Comment 6 José Fonseca 2013-01-29 07:57:15 UTC
Even easier, we could just use the floor instrinsic that was added to LLVM 3.2:

  http://llvm.org/releases/3.2/docs/LangRef.html#int_floor
Comment 7 Roland Scheidegger 2013-01-29 15:19:15 UTC
Yes I mentioned the large values too. My guess though is like some other intrinsics llvm will try to call into external library code if hw support is not available for this intrinsic (and fail miserably with jit). I haven't tried it, though.
Comment 8 Roland Scheidegger 2013-01-29 22:27:58 UTC
Created attachment 73882 [details] [review]
proposed patch

Here's something I think could work, though no doubt floor will be slower. Seems to pass lp_test_arit.
It also adjusts ifloor to follow similar logic though I guess now that floor/ifloor are separated maybe should leave it alone (the new version is actually 4 instead of 5 instructions but probably worse in execution time in typical case since the "latency chain" is longer). It may work better for very small negative values though now (not sure) but this might be unnecessary.
ifloor_fract will still return garbage (independent of new or old ifloor) in particular for the fract part (ifloor is undefined anyway) but I didn't inspect the code enough to see if that's a problem.
Comment 9 Michel Dänzer 2013-01-31 09:11:58 UTC
The patch fixes the problem for me.
Comment 10 José Fonseca 2013-01-31 15:26:35 UTC
Looks good to me too.

Don't forget to take out src/gallium/auxiliary/gallivm/lp_bld_init.c from the patch.
Comment 11 Roland Scheidegger 2013-01-31 15:42:02 UTC
(In reply to comment #10)
> Looks good to me too.
> 
> Don't forget to take out src/gallium/auxiliary/gallivm/lp_bld_init.c from
> the patch.

Ok.
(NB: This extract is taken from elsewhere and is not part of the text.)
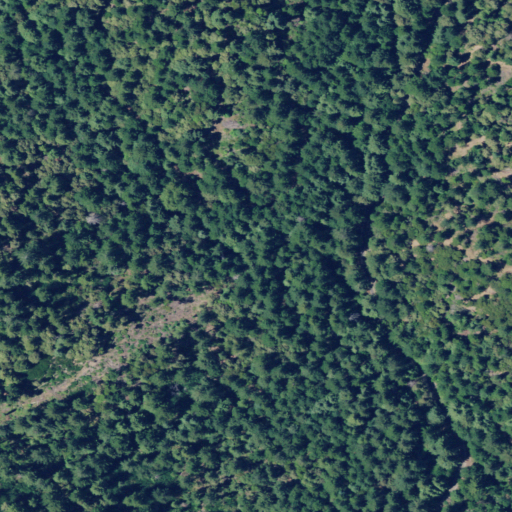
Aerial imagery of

I'll mention though that this is not a complete fix, round/trunc/ceil are broken exactly the same way (I think ceil is affected by both problems, trunc/round should only be affected by the very large exponents one). "Luckily" lp_test_arit doesn't test any such values for floor/ceil/trunc/round, only for fract...
Comment 12 José Fonseca 2013-01-31 16:01:56 UTC
(In reply to comment #11)
> Ok. I'll mention though that this is not a complete fix, round/trunc/ceil
> are broken exactly the same way (I think ceil is affected by both problems,
> trunc/round should only be affected by the very large exponents one).
> "Luckily" lp_test_arit doesn't test any such values for
> floor/ceil/trunc/round, only for fract...

Please add FIXME comments to those functions then.
Comment 13 Roland Scheidegger 2013-02-18 12:42:12 UTC
Should be fixed by c25ae5d27b114e23d5734f846002df1a05759658.
Comment 14 Darxus 2013-02-18 13:55:47 UTC
Woo, verified make check passes with commit dd599188d2868838541859a76800a8420958d358 (current latest), thanks.